In Australia, CoreLogic data is expected show a 0.7% gain in home prices for June (Monday), May retail sales are likely to have increased by a modest 0.2%mom with building approvals (both Wednesday) expected to rise 2% after several months of weakness and the trade surplus (Thursday) is expected to remain around $6.5bn for June. The minutes from the last RBA meeting (Tuesday) are likely to retain a hawkish inclination.
Outlook for investment markets
Easing inflation pressures, central banks moving to cut rates and prospects for stronger growth in 2025 should make for reasonable investment returns this year.
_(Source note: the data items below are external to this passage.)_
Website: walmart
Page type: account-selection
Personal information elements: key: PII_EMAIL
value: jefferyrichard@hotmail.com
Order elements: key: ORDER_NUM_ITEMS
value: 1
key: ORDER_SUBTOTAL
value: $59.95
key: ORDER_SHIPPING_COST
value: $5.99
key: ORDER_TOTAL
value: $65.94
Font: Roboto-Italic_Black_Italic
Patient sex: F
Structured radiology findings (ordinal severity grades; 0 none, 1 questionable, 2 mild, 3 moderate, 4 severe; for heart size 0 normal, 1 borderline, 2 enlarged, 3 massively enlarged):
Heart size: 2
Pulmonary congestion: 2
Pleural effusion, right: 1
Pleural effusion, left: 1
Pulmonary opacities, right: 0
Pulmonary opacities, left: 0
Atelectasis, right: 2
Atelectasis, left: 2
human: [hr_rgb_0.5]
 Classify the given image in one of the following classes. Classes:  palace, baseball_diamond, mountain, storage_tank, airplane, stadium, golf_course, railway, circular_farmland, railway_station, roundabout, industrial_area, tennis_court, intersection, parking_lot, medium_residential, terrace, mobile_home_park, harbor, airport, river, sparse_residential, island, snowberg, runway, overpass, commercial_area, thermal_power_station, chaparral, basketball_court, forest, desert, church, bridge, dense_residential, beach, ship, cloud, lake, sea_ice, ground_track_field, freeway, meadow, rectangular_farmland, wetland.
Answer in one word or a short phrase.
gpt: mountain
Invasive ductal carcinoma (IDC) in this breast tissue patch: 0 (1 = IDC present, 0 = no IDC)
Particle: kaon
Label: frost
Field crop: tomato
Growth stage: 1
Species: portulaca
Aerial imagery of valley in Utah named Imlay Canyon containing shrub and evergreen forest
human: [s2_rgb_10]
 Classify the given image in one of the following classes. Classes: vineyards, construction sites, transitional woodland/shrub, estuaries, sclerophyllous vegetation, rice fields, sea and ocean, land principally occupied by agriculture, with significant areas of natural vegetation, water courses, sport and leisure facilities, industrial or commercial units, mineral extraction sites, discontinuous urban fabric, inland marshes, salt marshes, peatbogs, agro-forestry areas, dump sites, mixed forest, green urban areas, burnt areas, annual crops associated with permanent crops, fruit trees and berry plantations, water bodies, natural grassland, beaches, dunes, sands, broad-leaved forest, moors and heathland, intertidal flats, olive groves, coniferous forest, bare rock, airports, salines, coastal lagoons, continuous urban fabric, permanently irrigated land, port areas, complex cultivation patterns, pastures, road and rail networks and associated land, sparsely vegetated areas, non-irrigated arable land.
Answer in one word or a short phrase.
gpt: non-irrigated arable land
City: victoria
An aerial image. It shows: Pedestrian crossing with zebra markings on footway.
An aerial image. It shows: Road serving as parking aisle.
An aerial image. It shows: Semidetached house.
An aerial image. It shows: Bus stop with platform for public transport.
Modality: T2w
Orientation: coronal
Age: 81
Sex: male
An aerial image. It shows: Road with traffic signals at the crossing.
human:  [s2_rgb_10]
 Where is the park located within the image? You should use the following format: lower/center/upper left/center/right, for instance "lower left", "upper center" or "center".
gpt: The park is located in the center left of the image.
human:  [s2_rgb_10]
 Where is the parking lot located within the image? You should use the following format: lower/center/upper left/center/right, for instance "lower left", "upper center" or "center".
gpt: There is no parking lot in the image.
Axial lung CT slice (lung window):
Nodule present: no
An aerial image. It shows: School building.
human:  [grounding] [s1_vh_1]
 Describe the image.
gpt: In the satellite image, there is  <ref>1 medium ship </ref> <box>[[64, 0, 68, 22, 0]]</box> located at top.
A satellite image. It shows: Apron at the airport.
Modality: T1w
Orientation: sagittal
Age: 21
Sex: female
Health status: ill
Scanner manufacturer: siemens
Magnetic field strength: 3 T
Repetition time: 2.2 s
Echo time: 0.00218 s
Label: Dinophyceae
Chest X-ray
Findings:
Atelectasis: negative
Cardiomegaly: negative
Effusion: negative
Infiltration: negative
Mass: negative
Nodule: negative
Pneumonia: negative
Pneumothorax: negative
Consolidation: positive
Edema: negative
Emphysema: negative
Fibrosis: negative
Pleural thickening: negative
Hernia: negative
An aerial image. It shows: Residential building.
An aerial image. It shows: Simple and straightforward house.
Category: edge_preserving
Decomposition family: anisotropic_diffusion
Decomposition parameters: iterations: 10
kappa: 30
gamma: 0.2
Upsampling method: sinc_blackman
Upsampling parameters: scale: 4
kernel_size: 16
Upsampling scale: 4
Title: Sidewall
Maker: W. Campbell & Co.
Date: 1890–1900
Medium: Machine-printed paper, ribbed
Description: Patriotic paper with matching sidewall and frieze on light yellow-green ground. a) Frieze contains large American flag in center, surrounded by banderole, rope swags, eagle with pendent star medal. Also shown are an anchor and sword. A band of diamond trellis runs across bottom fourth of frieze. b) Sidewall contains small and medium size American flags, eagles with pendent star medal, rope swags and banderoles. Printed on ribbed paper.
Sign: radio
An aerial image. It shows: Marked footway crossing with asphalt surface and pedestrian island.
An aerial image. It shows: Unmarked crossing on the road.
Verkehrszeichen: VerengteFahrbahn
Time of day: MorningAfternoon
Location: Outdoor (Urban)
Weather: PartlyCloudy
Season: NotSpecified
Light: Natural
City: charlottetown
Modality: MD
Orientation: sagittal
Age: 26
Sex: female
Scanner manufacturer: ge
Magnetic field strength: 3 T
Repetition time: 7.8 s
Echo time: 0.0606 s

However, with a high risk of recession, delays to rate cuts and significant geopolitical risks, the remainder of the year is likely to be rougher and constrained.
We expect the ASX 200 to return 9% this year and end the year around 7900. A recession is probably the main threat.
Bonds are likely to provide returns around running yield or a bit more, as inflation slows, and central banks cut rates.
Unlisted commercial property returns are likely to remain negative again due to the lagged impact of high bond yields and working from home.
Australian home prices are likely to see more constrained gains this year as the supply shortfall remains, but still high interest rates constrain demand and unemployment rises. The delay in rate cuts and talk of rate hikes risks renewed falls in property prices as its likely to cause buyers to hold back and distressed listings to rise.
Cash and bank deposits are expected to provide returns of over 4%, reflecting the back up in interest rates.
A rising trend in the $A is likely taking it to $US0.70 over the next 12 months, due to a fall in the overvalued $US, but in the near term the risks for the $A are on the downside.